However, if the sphere is transformed by a linear transform (e.g. a nonuniform scaling and a rotation), then the method doesn't work. Is there a nice way to handle that?
(L) [2014/06/26] [tby cessen] [Sampling Distorted Spheres] Wayback!I don't know if this is the correct way to do it, but what I've been doing in Psychopath is sampling in the local space of the sphere, and then transforming the resulting vector into world space after the fact.
I can imagine this may be incorrect, though, since for non-uniform scaling, shearing, etc. the surface area is distorted non-uniformally (I think?).

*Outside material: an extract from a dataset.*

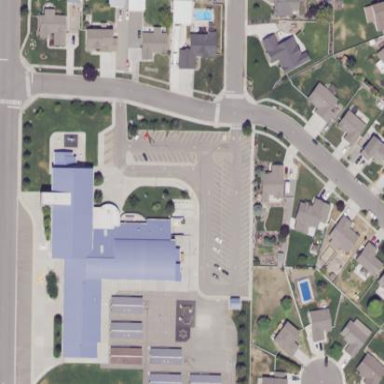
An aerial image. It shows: School building.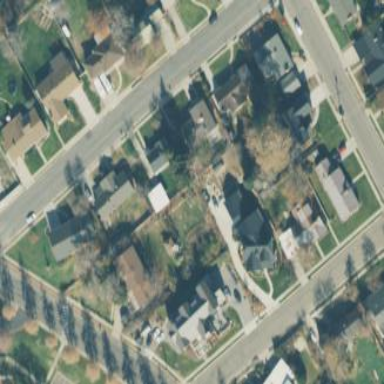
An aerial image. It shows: Sidewalk.

I'll be curious if someone smarter knows how to handle this.  It would be great if there were a general way to handle this (e.g. given a sampling strategy for shape X, how to conduct that strategy when the shape is distorted by matrix M).
(L) [2014/06/26] [tby Geometrian] [Sampling Distorted Spheres] Wayback!>> cessen wrote:I don't know if this is the correct way to do it, but what I've been doing in Psychopath is sampling in the local space of the sphere, and then transforming the resulting vector into world space after the fact.
I can imagine this may be incorrect, though, since for non-uniform scaling, shearing, etc. the surface area is distorted non-uniformally (I think?).Not sure exactly what you mean for your sampling strategy, but surface area certainly will be distorted nonuniformly. One way to see this is to think about each different normal as being a different point on the sphere. Scale the sphere by <0.001,1.0,1.0>, and you'll see that suddenly there are a lot more normals pointing left/right than otherwise.
My plan is to sample a bounding sphere around the transformed sphere. Some of the samples will be wasted in general, but it should work.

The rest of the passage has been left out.